Cooley gibi, benliğin diğer insanlarla olan ilişkilerinden kaynaklanan sosyal bir ürün olduğuna inanıyordu. Ancak ilk önce, bebekler ve küçük çocuklar olarak, insanların davranışlarının anlamını yorumlayamıyoruz. Çocuklar davranışlarına anlam katmayı öğrendiğinde, kendilerinin dışına çıkmışlardır. Çocuklar kendileri hakkında başkalarını düşündükleri gibi düşünebildiklerinde, bir benlik duygusu kazanmaya başlarlar.

Mead'e göre kendini oluşturma süreci, üç ayrı aşamada gerçekleşir. Birincisi taklit. Bu aşamada çocuklar yetişkinlerin davranışlarını anlamadan kopyalarlar. Küçük bir çocuk, bir elektrikli süpürgeyi veya hatta odanın çevresine bir çubuğu iterek ebeveynlerinin yerleri süpürmesine yardımcı olabilir.
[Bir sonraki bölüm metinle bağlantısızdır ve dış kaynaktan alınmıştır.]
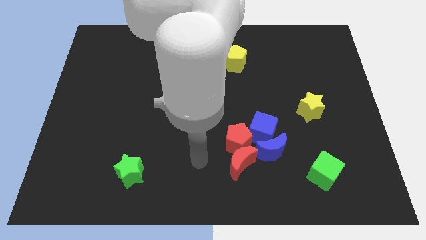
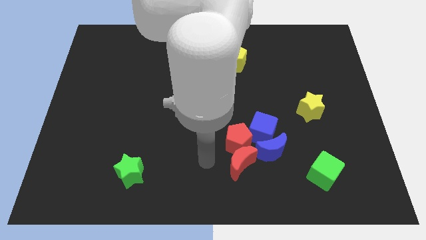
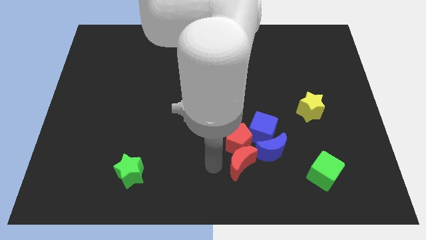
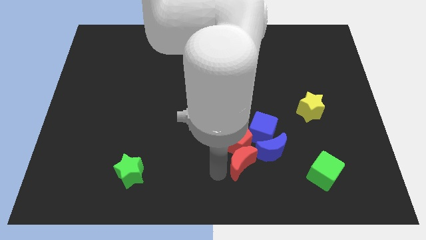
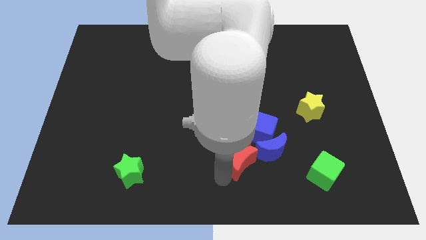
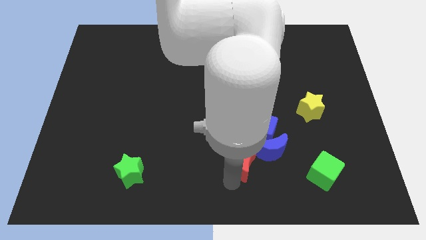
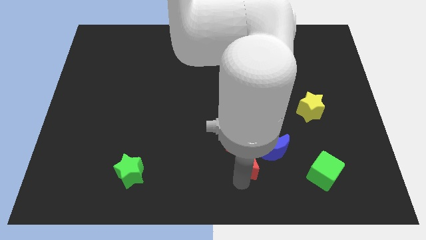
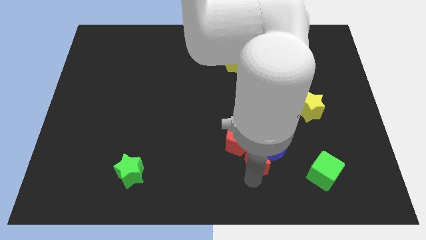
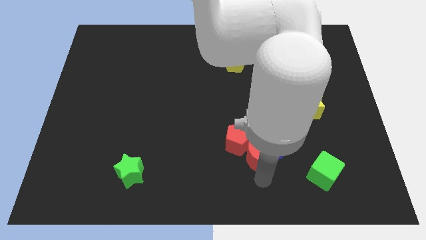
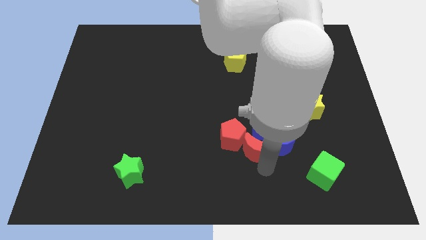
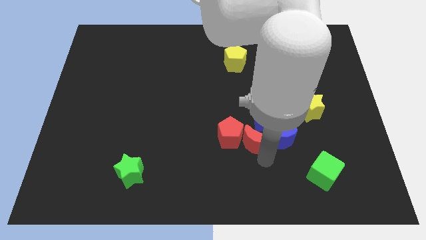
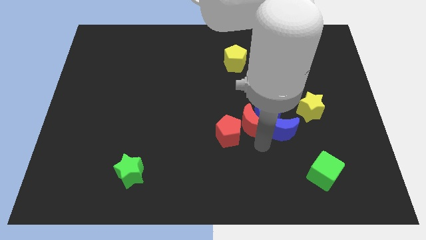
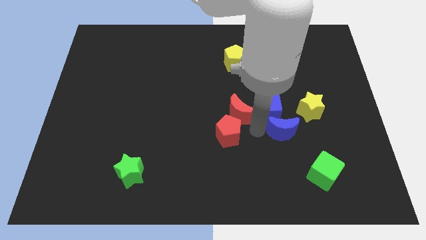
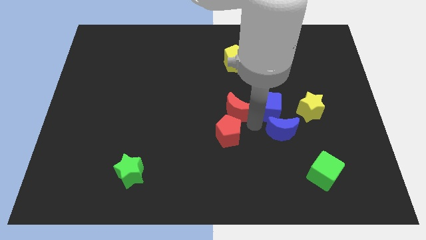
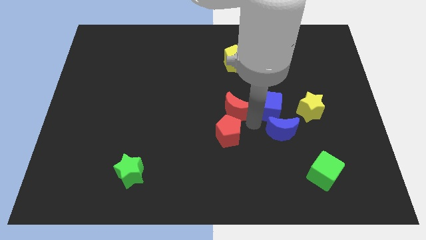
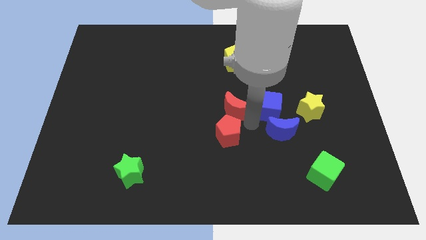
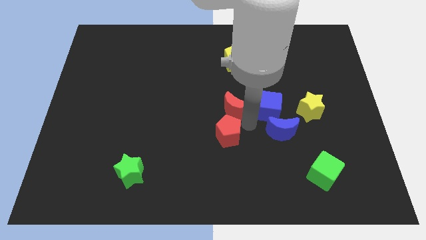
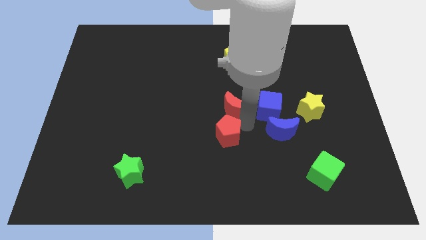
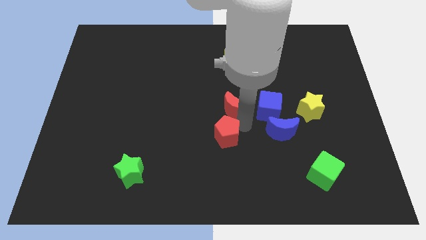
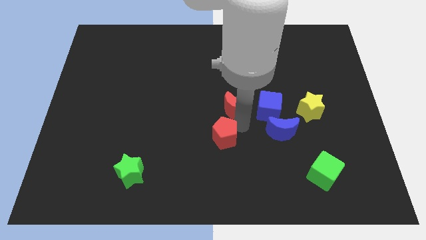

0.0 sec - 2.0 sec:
move the red pentagon away from the group of blocks

Oyun süresince çocuklar davranışları gerçek roller, itfaiyeciler ve yarış arabası şoförü olarak anlarlar ve oyunlarındaki rolleri üstlenmeye başlarlar. Oyuncak bebek oyunda küçük çocuklar sık ​​sık bebekle hem sevecen hem de azarlayan tonlarda konuşurlar, sonra bebeğe, bir çocuğun ailesine cevap verme şeklini cevaplar.

Bir rolden diğerine kayma, çocukların düşüncelerine aynı anlamları verme yeteneğini geliştirir; ve toplumun diğer üyelerinin kendilerine attığı eylemler - benlik inşasında önemli bir adım.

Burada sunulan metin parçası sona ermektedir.